Ecrit Par Alain,
Nous voilà arrivé au hameau des Glovettes au-dessus de Villard de Lans pour laisser la voiture sur un petit parking circulaire. L’air est frais, nous nous habillons, chaussons nos souliers de montagne et répartissons le matériel dans nos sacs. Il est 8h00 mais le soleil bien que levé depuis 7h35 n’est pas encore là, caché par les contreforts est du Vercors. Les arêtes du Gerbier nous apparaissent sur notre droite. Le ciel est voilé de brumes matinales.
Après avoir ajusté nos bâtons, nous entamons notre marche d’approche dans la forêt. Une demi-heure plus tard nous passons le Collet des Clots et entamons une légère descente qui nous conduit jusqu’à la Bergerie de la Fauge. Les clarines des vaches se font entendre dans cette clairière où elles pâturent. Nous obliquons un peu vers le sud et déjà les Arêtes nous apparaissent, la brume s’est dissipée et le ciel azure est pommelé de nuages qui semblent fuirent vers le sud au-dessus du Pas de l’Oeille. Nous retrouvons la forêt, par un sentier qui est plus raide, montant plein est sous la Double Brèche, celle qui doit nous permettre d’atteindre les arêtes. Les hêtres ont déjà pris leurs couleurs d’automne, du rouge et du jaune parsèment le vert des épicéas et des sapins. Nous arrivons au pied de la Brèche un peu avant 10h pour nous équiper et nous encorder. Du monde est en approche plus en bas, nous devons nous engager au plus tôt.
Après avoir mangé quelques vivres de courses, bu un peu, Olivier entame l’ascension dans la faille avec Claudine. Nous attendons, Régis, Svend et moi, qu’ils parviennent à déboucher plus haut car les cailloux dégringolent dans cette gouttière. Pendant cette attente, un guide et son groupe nous rejoignent. L’impatience et le souci d’un impératif de retour à Grenoble en soirée pour prendre un train, pousse le guide à nous demander de passer devant nous. Mais Svend tient bon et refuse fermement, notre groupe s’est engagé et nous ne céderons pas. Régis prends la tête de la cordée et nous ouvre la voie, Svend en second m’assure avec bienveillance. La faille est très humide de la pluie de la veille et le rocher très glissant, sans compter les cailloux qui dévalent et passent à hauteur d’homme alors que nous nous plaquons sur le rocher afin de les éviter. Une veille corde facilite le passage d’un ressaut mais malgré cela, le passage est ardu et s‘effectue en plaçant les jambes en opposition sur les parois comme dans une cheminée. Enfin, vers 11h nous nous extirpons de cette brèche pour atteindre une vire herbeuse mais encore très grasse et glissante. Svend demande à Régis de ralentir son pas, il ne faut pas prendre de risque et avancer d’un pied sûr.

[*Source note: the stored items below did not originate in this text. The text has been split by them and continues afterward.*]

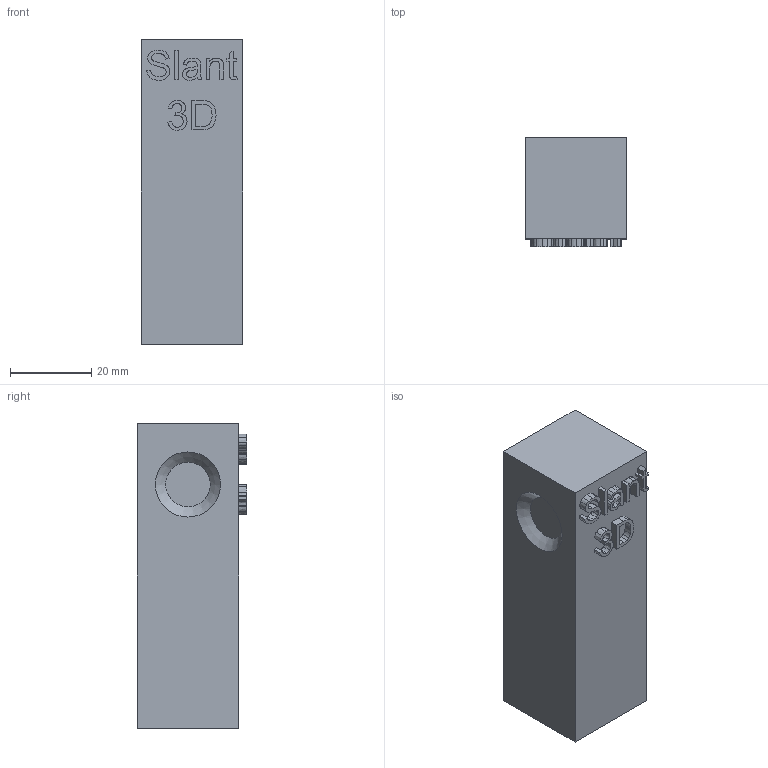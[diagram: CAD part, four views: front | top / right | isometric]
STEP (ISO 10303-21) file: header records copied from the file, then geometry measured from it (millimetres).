
FILE_DESCRIPTION(('Open CASCADE Model'),'2;1');
FILE_NAME('Open CASCADE Shape Model','2024-11-28T11:26:45',('Author'),( 'Open CASCADE'),'Open CASCADE STEP processor 7.7','Open CASCADE 7.7' ,'Unknown');
FILE_SCHEMA(('AUTOMOTIVE_DESIGN { 1 0 10303 214 1 1 1 1 }'));
Length unit declared in the file: millimetre
Products named in the file (1): COMPOUND
Bounding box: 25 x 27 x 75 mm (x, y, z)
Volume: 45725.4 mm3; surface area: 9990.3 mm2
Topology: 8 solids, 8 shells, 342 faces, 1120 edges, 819 vertices
Faces by surface type: extrusion 211, plane 126, cylinder 3, cone 1, torus 1
Full cylindrical faces by diameter (mm): 2 x1, 8 x1, 16 x1
Entity records: 27298 total; most frequent: CARTESIAN_POINT 7668, DIRECTION 2485, ORIENTED_EDGE 2240, PCURVE 2240, DEFINITIONAL_REPRESENTATION 2240, VECTOR 2195, LINE 1984, B_SPLINE_CURVE_WITH_KNOTS 1569

Soudain, au-dessus, nous apercevons un chamois couché, il prend les premiers rayons de soleil sur la crête. Il nous regarde pendant que nous poursuivons notre ascension. Il ne bouge pas bien que nous nous rapprochions de lui. Il est un bonheur de voir que nous ne sommes pas des prédateurs pour lui, et il disparaîtra tranquillement lorsque nous ne serons qu’à une centaine de mètres de lui.
Enfin nous débouchons à un petit col, de ce point de vue, les arêtes du Gerbier nous apparaissent de tout leur long, plein sud. Où que nous portions notre regard, une mer de nuage se déroule sous nos yeux, elle enserre la crête sur laquelle nous sommes et des montagnes en surgissent comme le Mont Aiguille. Plus loin à l’est, les Ecrins et en remontant vers le nord le glacier de Deux Alpes surmonté de la Meije. Le Mont Blanc est là lui aussi, majestueux.
Mais fini de regarder l’horizon, il faut être attentif où l’on doit poser ses pieds et assurer ses prises de mains sur cette lame de roche arrivé au passage du Rasoir. Plus loin c’est le peigne que nous passons. Que de noms qui suggèrent l’étroitesse et le cisaillement de cette arête. Un peu avant treize heures nous profitons d’une plage herbeuse pour manger au soleil, avec une superbe vue sur le massif du Dévoluy qui s’étire entre La Tête de l’Obiou au nord et le Pic de Bure au sud. Une demi-heure plus tard nous reprendrons notre progression sur cette crête, peu souvent debout, parfois même à califourchon pour avancer. A 15h40 nous arrivons à l’extrémité sud des arêtes pour entamer une descente en rappel, toujours aussi grisante.
Voilà, nous avons rejoint le sentier du retour, sur lequel nous croiserons encore des chamois, dévalerons à grandes enjamber les pierriers, l’esprit joyeux de cette merveilleuse journée, où le temps était parfait, sans vent aucun, sous un merveilleux soleil d’automne.